Les centrales hydrauliques les plus importantes, d’une puissance installée de 5173 mégawatts, allaient être construites entre 1960 et 1990. Parmi elles, celles de Bicaz-Stejaru, des Portes de Fer, de Vidraru et de Paltinu. 28 autres, avec une puissance installée de 702 mégawats, sont apparues après 1990. Début 2014, la puissance électrique du pays était de 6690 mégawatts, soit 26% de la totalité des sources d’énergie. La Roumanie dénombre à présent 250 barrages dont la hauteur est comprise entre 5 et 168 mètres. Le plus grand est celui de Gura Apei, sur la rivière Râul Mare, dans les Monts Retezat. Construit entre 1975 et 1986, il fait 168 m de haut. Le plus long des barrages, soit 1278 m et dont la construction remonte aux années 1964 – 1972, on le retrouve aux Portes de Fer I, à l’entrée du Danube dans le pays. Le lac de retenue est exploité conjointement par la Roumanie et la Serbie. Quant à la plus ancienne des constructions de ce type, elle se trouve sur la rivière Bistrita.

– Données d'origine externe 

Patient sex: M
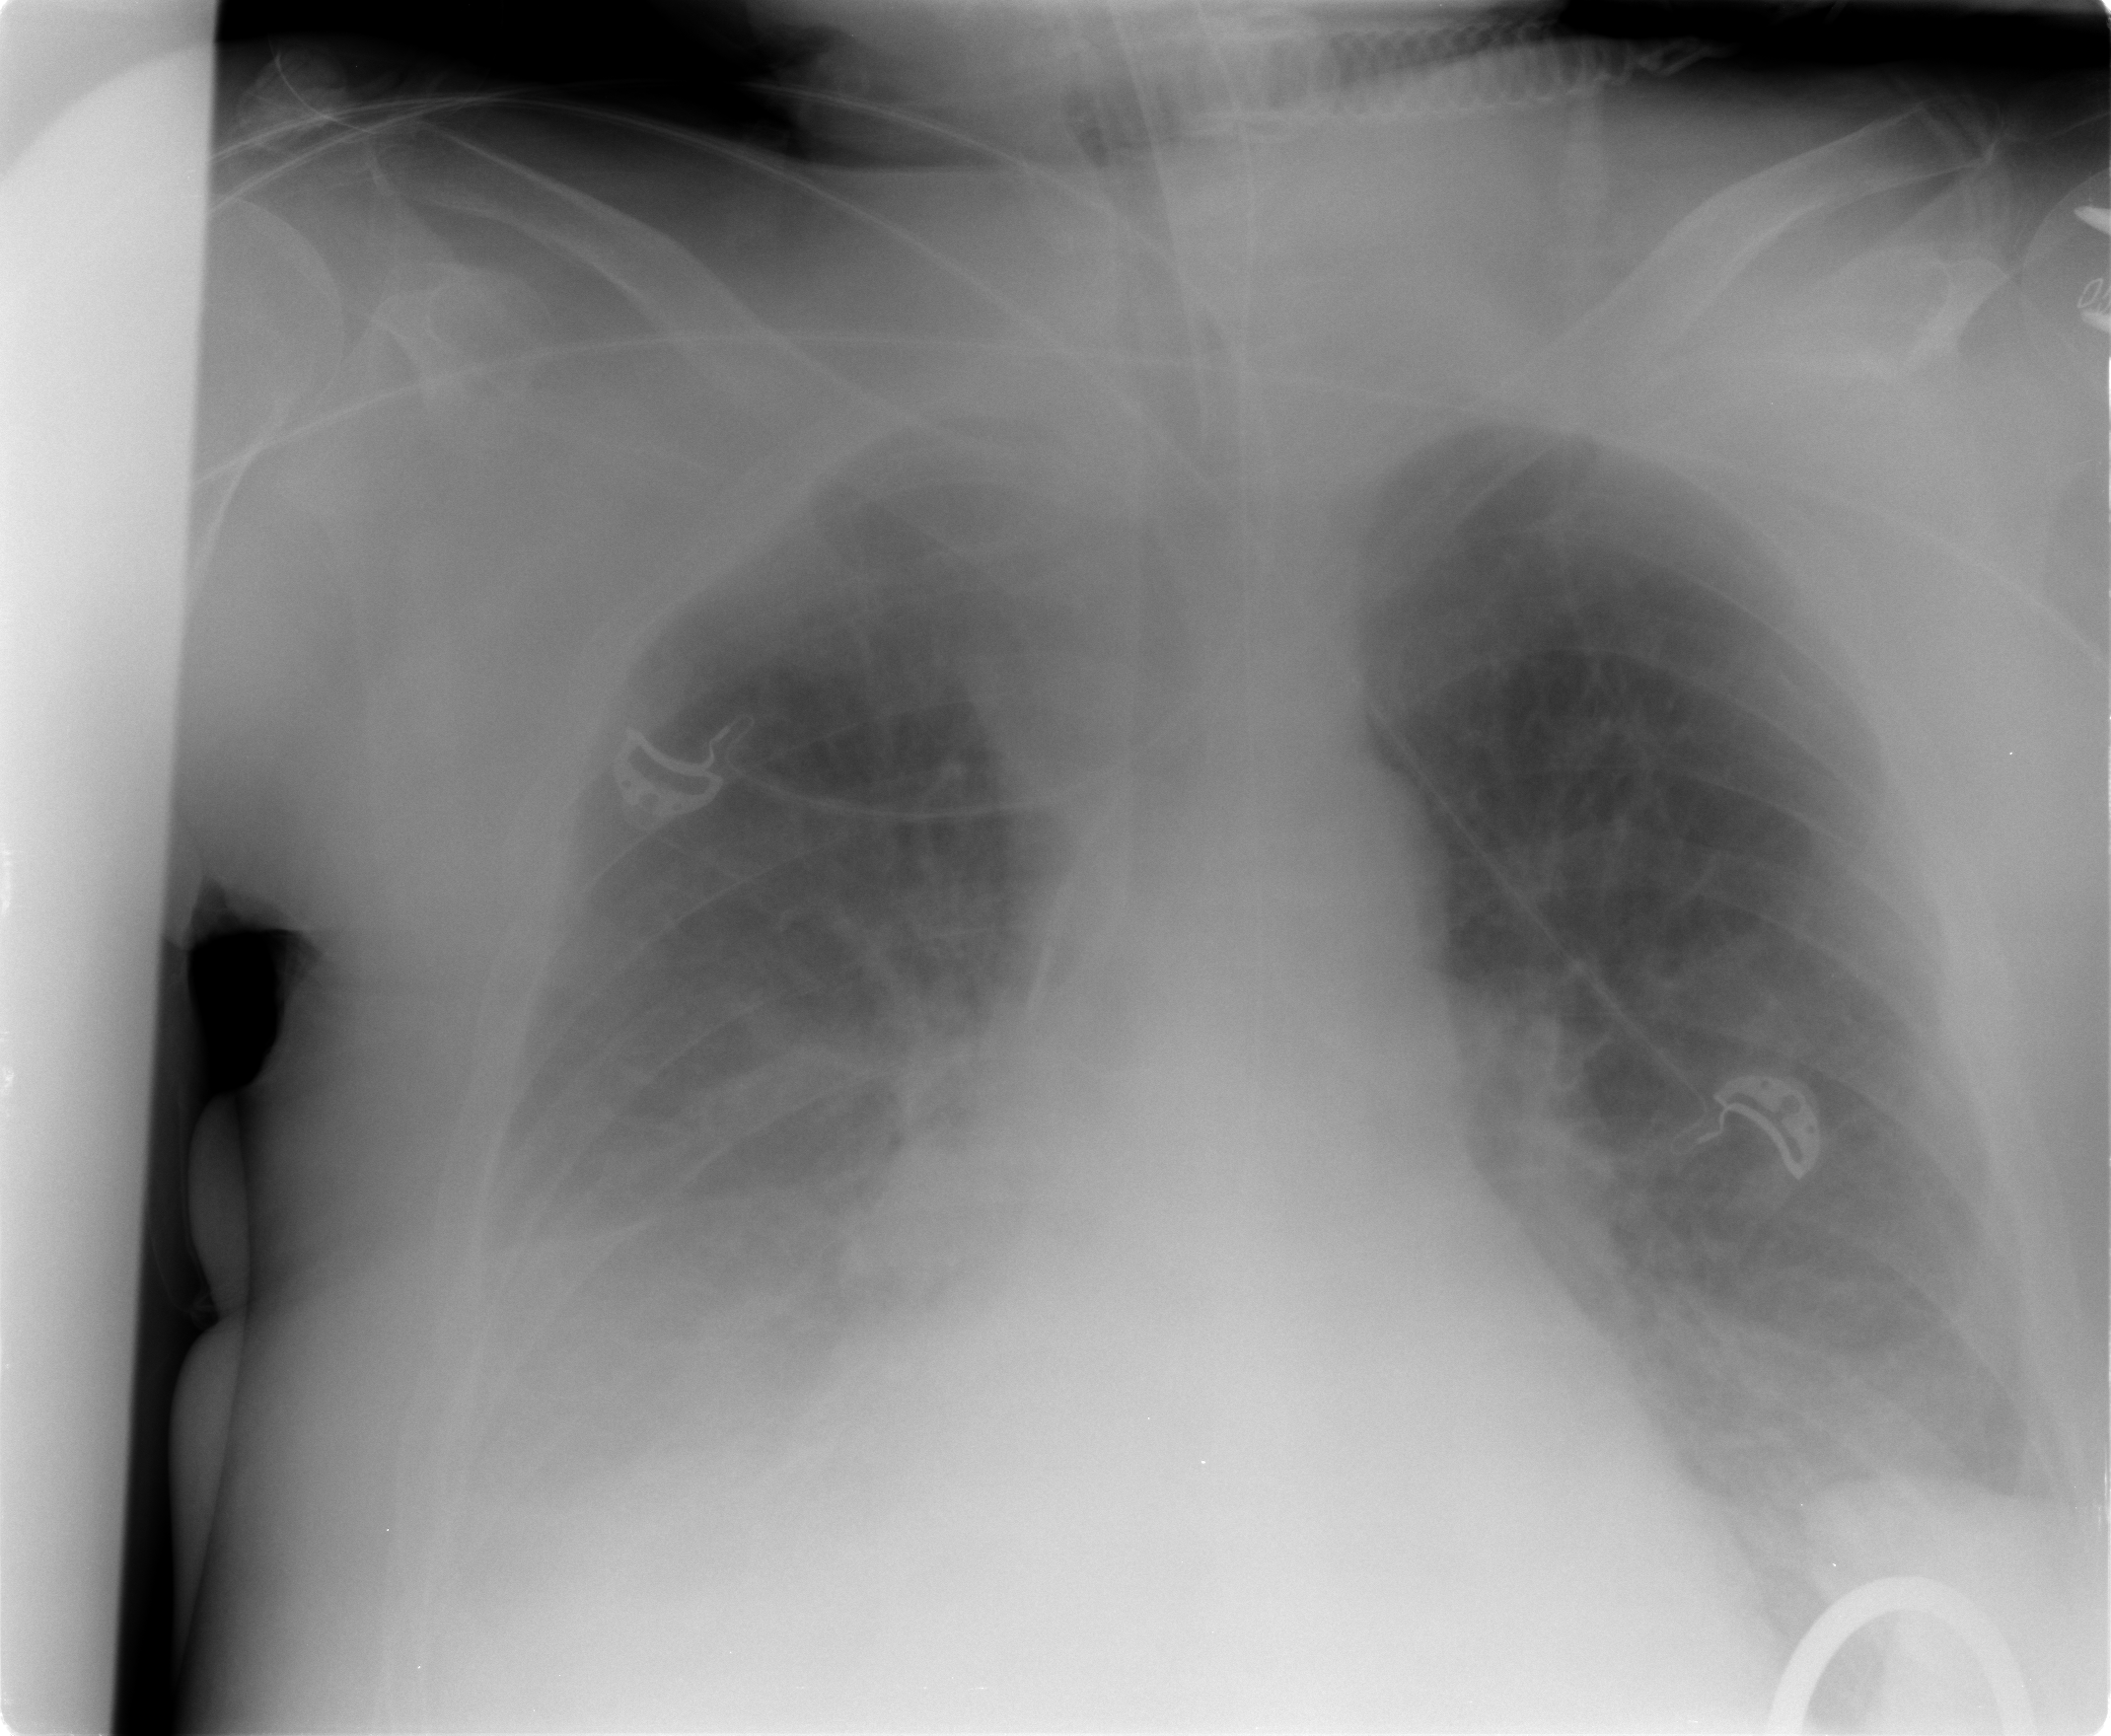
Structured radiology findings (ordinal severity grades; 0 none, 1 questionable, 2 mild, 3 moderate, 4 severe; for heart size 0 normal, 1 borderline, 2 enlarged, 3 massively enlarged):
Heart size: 0
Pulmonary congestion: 2
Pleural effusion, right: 2
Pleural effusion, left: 2
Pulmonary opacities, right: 3
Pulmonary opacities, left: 2
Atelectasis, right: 2
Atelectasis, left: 1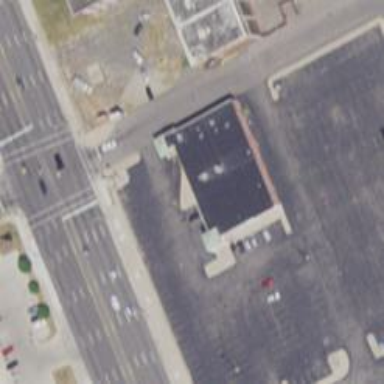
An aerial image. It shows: Retail building housing furniture shop.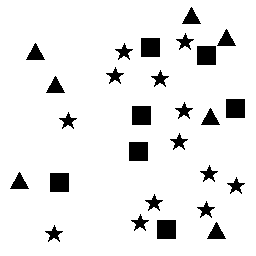
Squares: 7
Triangles: 7
Stars: 13
Total shapes: 27
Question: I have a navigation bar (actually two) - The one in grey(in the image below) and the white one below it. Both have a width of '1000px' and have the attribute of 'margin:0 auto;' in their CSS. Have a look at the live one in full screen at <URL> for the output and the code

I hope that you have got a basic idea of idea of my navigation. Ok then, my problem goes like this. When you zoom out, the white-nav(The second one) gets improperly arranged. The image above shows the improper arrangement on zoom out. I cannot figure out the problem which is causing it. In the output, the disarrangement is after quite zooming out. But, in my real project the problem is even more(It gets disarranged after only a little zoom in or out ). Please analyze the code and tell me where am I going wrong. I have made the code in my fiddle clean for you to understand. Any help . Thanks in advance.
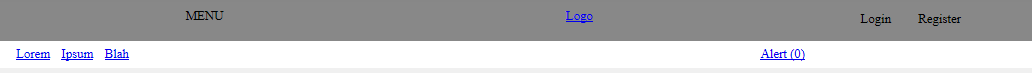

Il s’agit du barrage de Bicaz-Stejaru, mis en service en 1960.
La rivière Olt, qui prend sa source dans le Massif Hăsmasu Mare et qui se jette dans le Danube après avoir parcouru 614 km, compte le plus grand nombre de barrages, à savoir 32. A Bucarest aussi il existe un barrage de 15 m de haut, derrière lequel s’est formé une immense étendue d’eau, connue sous le nom de « Lacul Morii », « Le lac du moulin ».Les efforts financiers considérables et surtout les sacrifices humains qu’ils ont supposés ont valu aux chantiers installés pour la construction des barrages hydro-électriques dans la période 1950 – 1989 le surnom de « Chantiers de la terreur ». Rien qu’un exemple: la construction du barrage de Bicaz-Stejaru, qui s’est étendue sur une dizaine d’années, de 1950 à 1960, a été synonyme de l’extermination de plusieurs centaines de détenus politiques, du fait de la précarité des conditions de travail et de vie. Enfin, l’île d’Ada-Kaleh, une oasis de culture et de civilisation orientale habitée, jusqu’en 1968, par une population d’origine ethnique turque, se trouve à présent sous les eaux du lac de retenue du barrage des Portes de Fer.